Extrapolation between that solar tsunami and a previous weaker disturbance indicated Voyager 1 entered interstellar space around August 25, 2012, confirming the cosmic ray measurement. Because the magnetic field did not shift as expected, the models needed to be refined.
But had Voyager 1 really left the solar system? Not exactly. While "solar system" usually means planetary system in vernacular, it technically encompasses the entirety of the sun's influence. That includes gravity, which dominates halfway to the closest star, where that star's gravity becomes stronger. Outside the heliosphere, there is a cloud of comets anchored by our suns's gravity, called the Oort cloud. "It will be 300 years before we reach the inner edge and 38,000 years before we finally get through the cloud."

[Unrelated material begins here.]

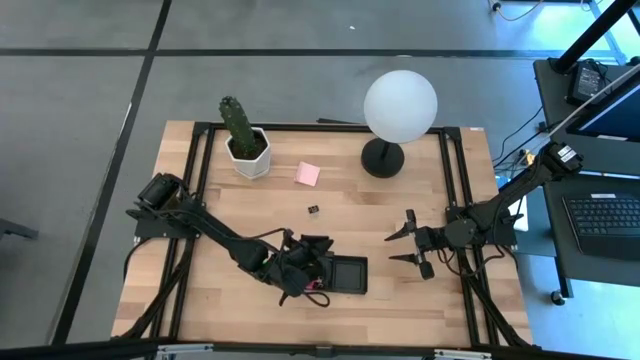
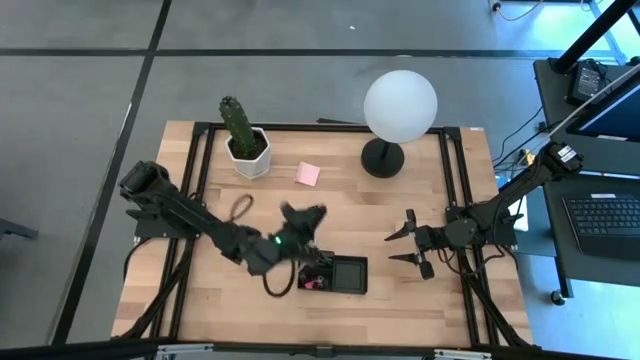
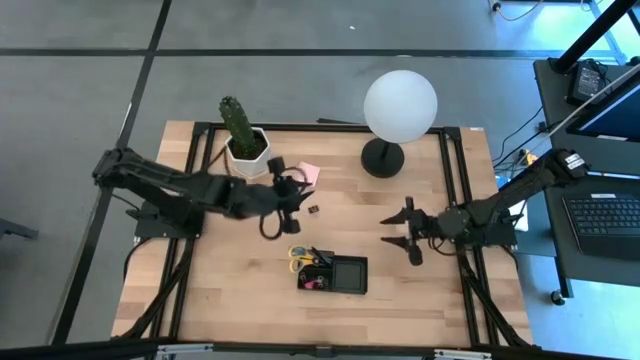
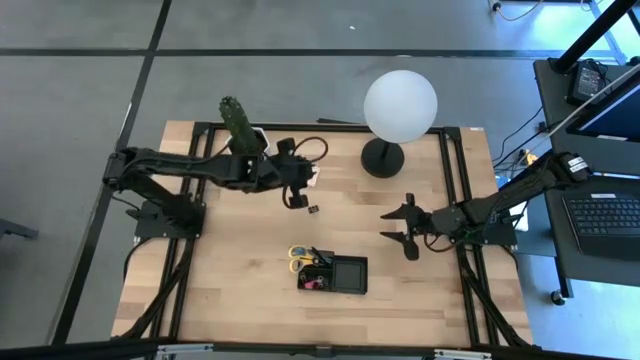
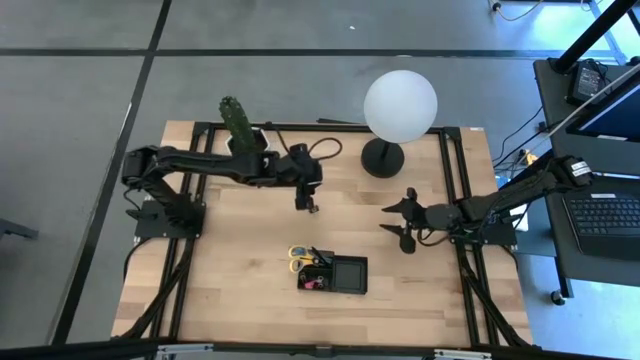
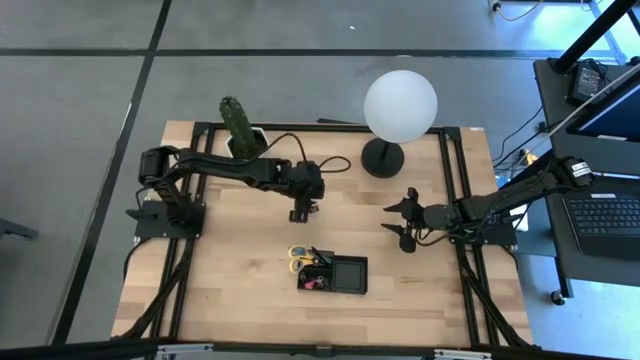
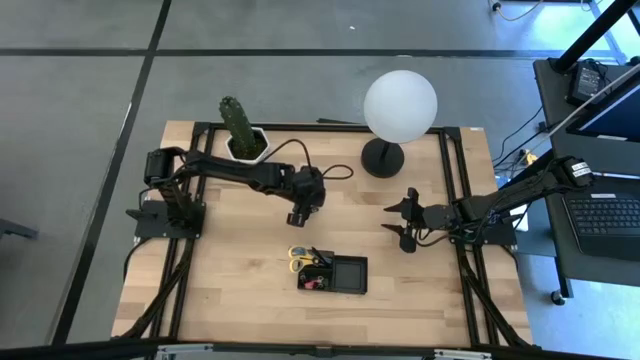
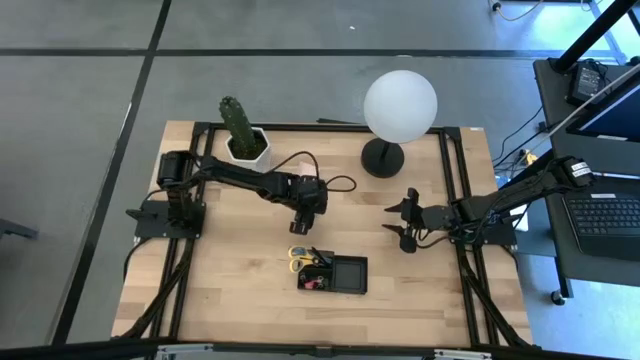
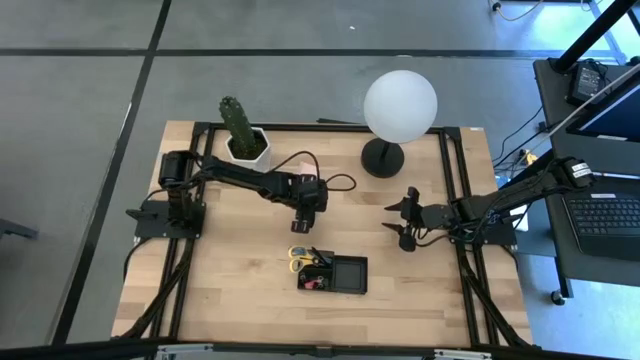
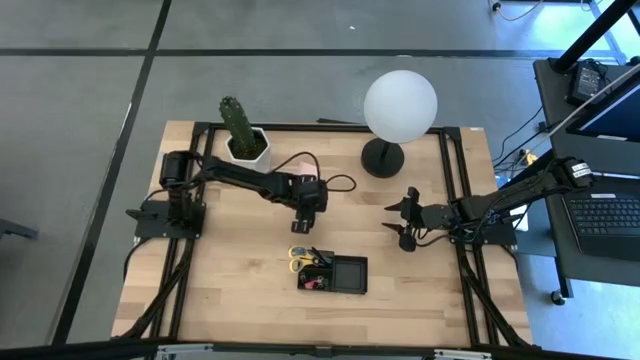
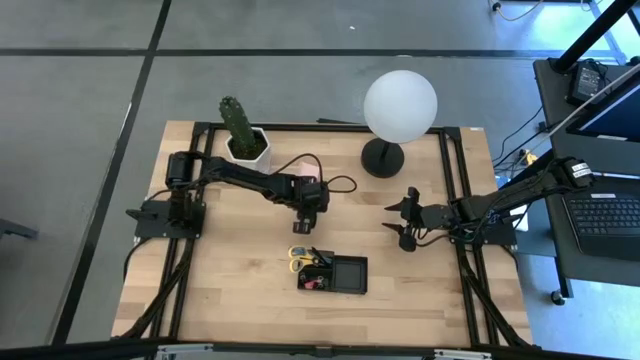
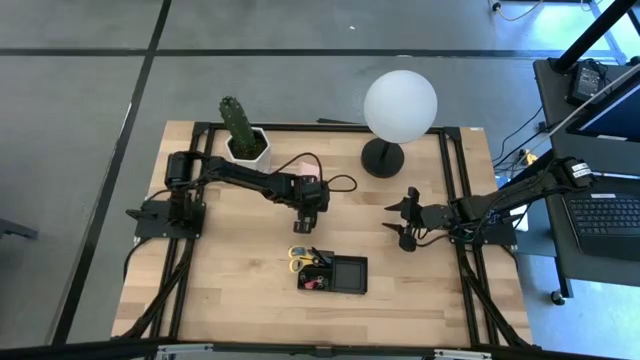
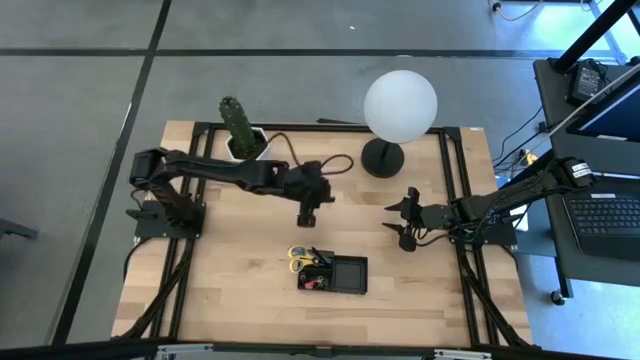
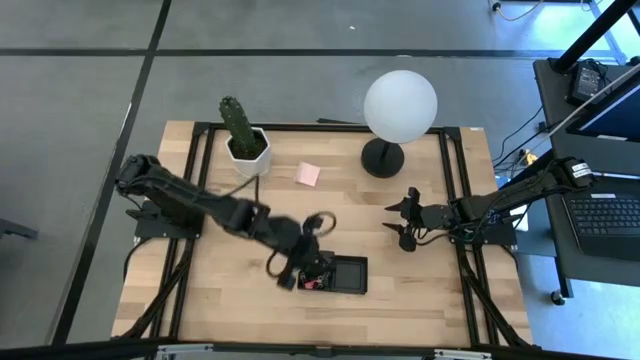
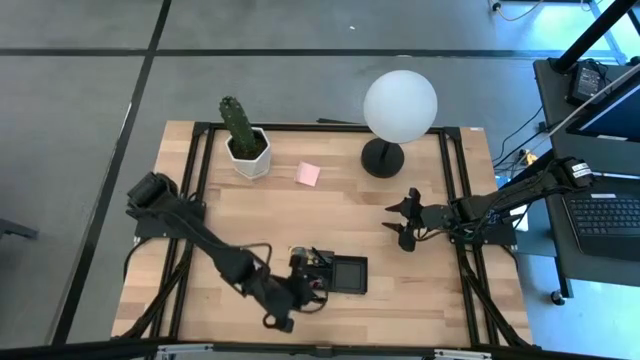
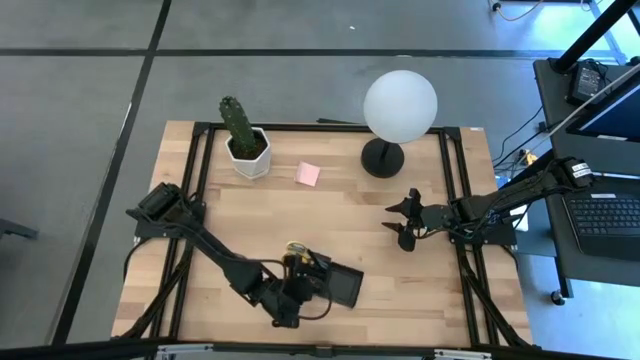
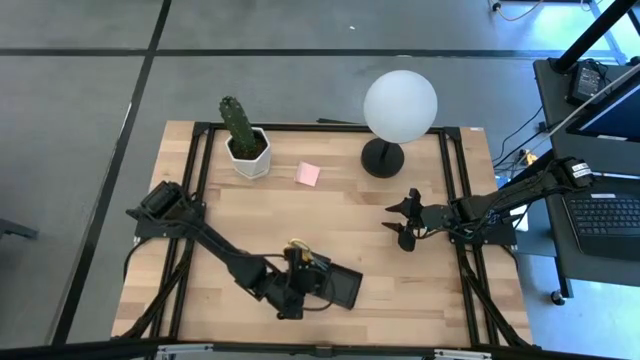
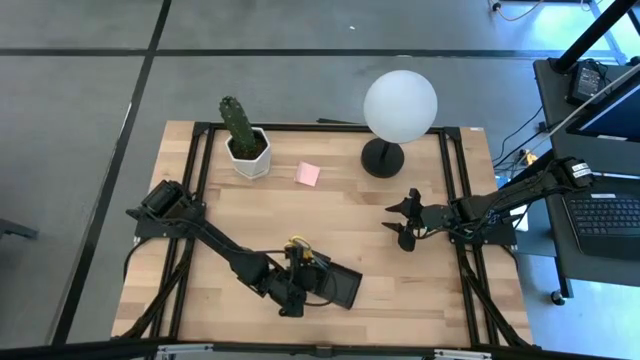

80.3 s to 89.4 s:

If Voyager were still collecting data after traversing the Oort cloud, astrophysicists might find that some of the outer comets actually orbit another star. But, says Stone, "by 2025, we will have turned off the last instrument and after that the spacecraft will orbit the center of the Milky Way" as a silent ambassador—a lifeless vessel carrying a message from Earth in the form of a golden record.
As long as Voyager transmits, Voyager 1 from north of the planetary plane andVoyager 2 from south, two or three years from interstellar space, Stone will be listening. In the meanwhile, he turns his attention the other way toward the innermost reaches of the solar system. In 2018, NASA will launch Solar Probe Plus, a spacecraft, carrying an instrument that Stone helped develop, on a mission to study the sun's corona where the solar wind begins. —M.S.